Anadarko Petroleum Corp.’s board on Monday backed a US$38-billion bid from Occidental Petroleum Corp., adding pressure on rival Chevron Corp. to raise its offer or walk away from the takeover contest.
The decision capped a series of moves by Occidental to finance and reduce hurdles before its US$38-billion deal after Anadarko balked at several earlier offers. Occidental received the board’s endorsement after raising US$18.8-billion in cash pledges that allowed it to avoid a vote by its shareholders on the deal.
Chevron has four days to decide whether it wants to alter an existing merger agreement that Anadarko already accepted or make a new bid. A spokesman confirmed it had receive the notice of termination from Anadarko and declined to comment on its next steps.
Anadarko said its board had unanimously determined that the revised Occidental proposal constituted a “superior proposal” and that it intended to terminate the Chevron merger agreement, a decision that would see it pay Chevron a US$1-billion termination fee.
The decision was a victory for Occidental chief executive Vicki Hollub, who pressed Anadarko’s board to reject the Chevron agreement and pulled in support from billionaire Warren Buffett for the deal. She persuaded Mr. Buffett to invest US$10-billion in the deal after flying to Omaha, Neb., to make the case.
Days later, Ms. Hollub won a deal with French oil giant Total SA to take most of Anadarko’s international assets, including a liquefied natural gas project in Mozambique estimated to cost up to US$25-billion to complete. Total agreed to pay US$8.8-billion for the assets once the merger goes ahead.
MS. Hollub wants her target’s prime position in the top U.S. shale field. Anadarko holds nearly a quarter-million acres of land in the Permian Basin, the biggest prize for Chevron and Occidental. The Permian has become the epicentre of the shale oil-and-gas boom, helping drive U.S. oil output to a record 12 million barrels a day, more than Russia and Saudi Arabia.

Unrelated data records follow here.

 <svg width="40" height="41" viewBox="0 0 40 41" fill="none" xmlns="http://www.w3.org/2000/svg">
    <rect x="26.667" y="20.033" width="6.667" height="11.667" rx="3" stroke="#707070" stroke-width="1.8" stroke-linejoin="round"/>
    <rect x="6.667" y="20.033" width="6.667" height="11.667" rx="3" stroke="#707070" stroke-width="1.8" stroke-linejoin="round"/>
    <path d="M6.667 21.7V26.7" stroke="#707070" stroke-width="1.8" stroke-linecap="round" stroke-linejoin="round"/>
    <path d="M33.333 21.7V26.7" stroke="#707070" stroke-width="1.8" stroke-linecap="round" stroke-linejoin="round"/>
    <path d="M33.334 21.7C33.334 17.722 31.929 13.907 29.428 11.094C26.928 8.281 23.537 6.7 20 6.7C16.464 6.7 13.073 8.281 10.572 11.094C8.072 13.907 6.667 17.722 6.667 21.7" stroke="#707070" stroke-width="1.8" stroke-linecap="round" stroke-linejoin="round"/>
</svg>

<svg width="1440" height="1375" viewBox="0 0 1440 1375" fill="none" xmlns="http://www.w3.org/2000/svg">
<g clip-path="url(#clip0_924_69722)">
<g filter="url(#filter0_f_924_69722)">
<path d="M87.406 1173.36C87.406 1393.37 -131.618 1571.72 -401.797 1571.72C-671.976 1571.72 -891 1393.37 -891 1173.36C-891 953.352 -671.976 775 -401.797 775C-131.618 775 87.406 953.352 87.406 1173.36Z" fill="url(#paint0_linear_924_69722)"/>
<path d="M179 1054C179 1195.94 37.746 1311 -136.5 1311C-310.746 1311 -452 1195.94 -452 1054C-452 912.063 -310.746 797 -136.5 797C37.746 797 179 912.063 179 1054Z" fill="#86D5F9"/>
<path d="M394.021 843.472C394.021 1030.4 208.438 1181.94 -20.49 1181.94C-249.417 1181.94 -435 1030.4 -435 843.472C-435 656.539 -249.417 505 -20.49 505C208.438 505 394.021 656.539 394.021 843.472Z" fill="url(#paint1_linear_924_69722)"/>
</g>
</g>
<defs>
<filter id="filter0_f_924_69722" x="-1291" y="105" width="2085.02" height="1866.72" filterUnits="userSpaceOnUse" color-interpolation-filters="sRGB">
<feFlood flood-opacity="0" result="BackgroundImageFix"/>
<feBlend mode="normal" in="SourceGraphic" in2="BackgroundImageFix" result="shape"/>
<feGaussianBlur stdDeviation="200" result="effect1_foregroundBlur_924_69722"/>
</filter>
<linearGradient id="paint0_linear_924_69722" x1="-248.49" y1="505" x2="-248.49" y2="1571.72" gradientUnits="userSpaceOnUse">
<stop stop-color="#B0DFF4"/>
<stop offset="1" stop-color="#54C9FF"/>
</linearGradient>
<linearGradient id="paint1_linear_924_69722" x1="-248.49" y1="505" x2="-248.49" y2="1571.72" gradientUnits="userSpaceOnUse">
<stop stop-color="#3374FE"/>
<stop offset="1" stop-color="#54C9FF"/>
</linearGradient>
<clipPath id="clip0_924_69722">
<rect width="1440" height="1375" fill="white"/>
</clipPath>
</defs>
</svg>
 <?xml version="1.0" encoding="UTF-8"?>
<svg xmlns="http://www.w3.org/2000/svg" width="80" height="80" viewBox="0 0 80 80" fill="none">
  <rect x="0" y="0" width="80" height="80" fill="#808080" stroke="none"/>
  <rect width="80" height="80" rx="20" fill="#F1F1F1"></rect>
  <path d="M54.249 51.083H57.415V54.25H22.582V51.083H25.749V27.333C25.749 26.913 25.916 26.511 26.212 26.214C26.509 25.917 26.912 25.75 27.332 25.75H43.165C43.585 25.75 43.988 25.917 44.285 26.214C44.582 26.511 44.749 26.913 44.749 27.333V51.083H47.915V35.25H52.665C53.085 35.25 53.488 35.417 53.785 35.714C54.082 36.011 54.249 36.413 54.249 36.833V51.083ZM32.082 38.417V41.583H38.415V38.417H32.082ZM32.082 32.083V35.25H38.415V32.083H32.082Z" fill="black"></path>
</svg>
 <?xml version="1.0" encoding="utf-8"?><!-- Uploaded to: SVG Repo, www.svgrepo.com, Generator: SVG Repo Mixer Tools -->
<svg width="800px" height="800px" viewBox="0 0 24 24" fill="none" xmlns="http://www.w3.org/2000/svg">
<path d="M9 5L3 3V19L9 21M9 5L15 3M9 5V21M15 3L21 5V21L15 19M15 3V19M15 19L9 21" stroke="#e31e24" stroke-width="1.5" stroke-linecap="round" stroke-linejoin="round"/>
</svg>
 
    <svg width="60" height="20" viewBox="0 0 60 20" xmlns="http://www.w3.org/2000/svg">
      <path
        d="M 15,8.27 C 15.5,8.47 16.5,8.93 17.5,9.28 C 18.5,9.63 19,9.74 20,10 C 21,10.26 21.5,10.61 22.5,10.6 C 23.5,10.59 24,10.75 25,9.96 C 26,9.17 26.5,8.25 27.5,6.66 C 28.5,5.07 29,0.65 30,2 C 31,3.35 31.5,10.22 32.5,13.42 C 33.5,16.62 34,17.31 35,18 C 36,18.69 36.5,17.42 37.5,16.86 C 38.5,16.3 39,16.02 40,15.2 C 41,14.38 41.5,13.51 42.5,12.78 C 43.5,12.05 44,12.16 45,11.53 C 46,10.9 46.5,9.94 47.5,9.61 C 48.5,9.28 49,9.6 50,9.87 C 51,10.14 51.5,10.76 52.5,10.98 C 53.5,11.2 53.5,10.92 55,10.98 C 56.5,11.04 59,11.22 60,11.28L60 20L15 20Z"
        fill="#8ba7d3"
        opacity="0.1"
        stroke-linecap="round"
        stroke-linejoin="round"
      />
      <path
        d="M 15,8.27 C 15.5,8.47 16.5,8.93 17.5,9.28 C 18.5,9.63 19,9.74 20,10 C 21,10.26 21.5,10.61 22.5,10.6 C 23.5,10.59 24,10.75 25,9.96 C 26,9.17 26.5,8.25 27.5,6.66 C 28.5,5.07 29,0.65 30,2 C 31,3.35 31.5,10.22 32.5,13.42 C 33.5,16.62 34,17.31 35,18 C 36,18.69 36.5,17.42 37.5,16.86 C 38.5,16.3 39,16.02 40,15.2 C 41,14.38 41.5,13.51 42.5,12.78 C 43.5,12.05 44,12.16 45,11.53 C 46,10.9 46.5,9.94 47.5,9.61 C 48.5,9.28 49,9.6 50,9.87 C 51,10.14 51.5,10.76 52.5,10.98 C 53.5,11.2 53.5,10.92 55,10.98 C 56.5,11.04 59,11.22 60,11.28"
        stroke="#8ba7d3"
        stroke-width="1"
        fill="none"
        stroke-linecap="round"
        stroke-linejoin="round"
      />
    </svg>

Anadarko first disclosed a merger deal with Chevron on April 12 after snubbing a higher bid from Occidental. That prompted Occidental’s Ms. Hollub to go public with her offer, to pressure Anadarko to reconsider its position.
The change of heart came after Occidental increased the proportion of cash in its US$76 a share offer to 78-per-cent cash and 22-per-cent stock, removing a stock-exchange requirement for the approval of Occidental’s shareholders.
Some investors in Occidental oppose the decision to bypass a shareholder vote of approval. T. Rowe Price Group Inc. said on Monday it intended to vote against the Occidental board of directors at the annual meeting on Friday in protest.
Occidental said in a statement that it looked forward to completing the discussions and “executing our merger agreement with Anadarko to complete this exciting transaction.”